(Records for this task Opens)

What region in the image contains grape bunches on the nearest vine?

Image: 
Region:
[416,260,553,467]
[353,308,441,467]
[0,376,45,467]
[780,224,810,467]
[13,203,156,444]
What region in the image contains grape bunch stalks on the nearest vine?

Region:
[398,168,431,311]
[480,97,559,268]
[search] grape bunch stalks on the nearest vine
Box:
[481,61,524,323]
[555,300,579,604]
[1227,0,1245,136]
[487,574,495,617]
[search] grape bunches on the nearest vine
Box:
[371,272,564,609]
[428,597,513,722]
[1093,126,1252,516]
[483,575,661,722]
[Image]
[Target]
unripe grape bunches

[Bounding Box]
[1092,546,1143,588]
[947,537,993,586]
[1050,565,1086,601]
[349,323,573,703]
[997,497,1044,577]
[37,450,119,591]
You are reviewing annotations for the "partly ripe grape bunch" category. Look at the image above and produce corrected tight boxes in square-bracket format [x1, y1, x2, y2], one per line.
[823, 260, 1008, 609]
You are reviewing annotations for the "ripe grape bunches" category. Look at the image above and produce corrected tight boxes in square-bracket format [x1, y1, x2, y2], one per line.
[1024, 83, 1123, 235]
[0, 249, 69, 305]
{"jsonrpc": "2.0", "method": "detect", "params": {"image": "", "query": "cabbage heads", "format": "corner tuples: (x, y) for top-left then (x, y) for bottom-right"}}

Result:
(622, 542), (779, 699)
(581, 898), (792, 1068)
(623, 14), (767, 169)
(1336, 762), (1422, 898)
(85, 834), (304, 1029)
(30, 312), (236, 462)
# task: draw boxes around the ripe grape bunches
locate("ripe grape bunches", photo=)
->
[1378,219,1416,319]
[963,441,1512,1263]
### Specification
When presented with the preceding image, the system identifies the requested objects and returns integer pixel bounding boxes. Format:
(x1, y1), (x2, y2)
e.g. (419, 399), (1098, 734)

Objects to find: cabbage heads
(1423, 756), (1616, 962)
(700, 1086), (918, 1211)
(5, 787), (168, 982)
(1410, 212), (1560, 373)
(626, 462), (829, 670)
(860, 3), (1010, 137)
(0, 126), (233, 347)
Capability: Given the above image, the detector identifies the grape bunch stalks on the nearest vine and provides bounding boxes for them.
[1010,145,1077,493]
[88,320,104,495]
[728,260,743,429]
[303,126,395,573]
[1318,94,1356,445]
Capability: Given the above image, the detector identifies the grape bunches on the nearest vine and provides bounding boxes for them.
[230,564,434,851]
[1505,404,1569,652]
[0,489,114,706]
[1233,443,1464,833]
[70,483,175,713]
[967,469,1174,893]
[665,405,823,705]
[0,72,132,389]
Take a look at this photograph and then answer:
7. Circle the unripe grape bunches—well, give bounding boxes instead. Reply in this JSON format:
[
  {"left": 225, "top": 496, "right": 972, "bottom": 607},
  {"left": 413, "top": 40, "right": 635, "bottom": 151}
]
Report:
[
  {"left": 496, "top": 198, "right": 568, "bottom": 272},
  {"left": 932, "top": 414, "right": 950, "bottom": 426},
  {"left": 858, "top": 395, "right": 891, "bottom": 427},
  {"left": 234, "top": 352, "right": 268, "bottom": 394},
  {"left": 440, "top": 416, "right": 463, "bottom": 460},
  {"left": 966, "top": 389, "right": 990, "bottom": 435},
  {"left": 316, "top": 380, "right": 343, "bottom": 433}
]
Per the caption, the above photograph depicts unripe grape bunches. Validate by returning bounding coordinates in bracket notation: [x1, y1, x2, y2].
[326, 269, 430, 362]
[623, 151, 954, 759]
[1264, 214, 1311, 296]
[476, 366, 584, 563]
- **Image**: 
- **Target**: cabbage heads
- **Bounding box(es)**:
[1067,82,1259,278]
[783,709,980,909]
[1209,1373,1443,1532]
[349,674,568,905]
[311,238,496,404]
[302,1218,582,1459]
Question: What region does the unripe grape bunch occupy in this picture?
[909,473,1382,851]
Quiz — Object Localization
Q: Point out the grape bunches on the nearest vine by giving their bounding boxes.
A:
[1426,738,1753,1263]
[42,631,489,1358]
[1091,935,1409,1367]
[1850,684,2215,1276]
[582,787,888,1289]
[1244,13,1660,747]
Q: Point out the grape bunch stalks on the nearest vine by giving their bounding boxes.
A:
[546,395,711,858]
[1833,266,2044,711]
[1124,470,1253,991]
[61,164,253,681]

(Records for this task Closes)

What do the lines above say from the one containing "identifies the grape bunch stalks" down to the one containing "Take a look"? Return them exactly, both end lines included, and only them.

Reply:
Capability: Given the above image, the detector identifies the grape bunch stalks on the nearest vine and provides bounding boxes for them.
[1010,145,1077,493]
[88,320,104,495]
[728,260,743,429]
[303,126,395,573]
[1318,94,1356,445]
Capability: Given the above image, the detector identifies the grape bunches on the nearest vine and provides bounding boxes for them.
[230,564,434,851]
[1505,404,1569,652]
[0,489,114,706]
[1233,443,1464,833]
[70,483,175,713]
[967,469,1174,893]
[665,405,823,705]
[0,72,132,389]
Take a look at this photograph and then answer:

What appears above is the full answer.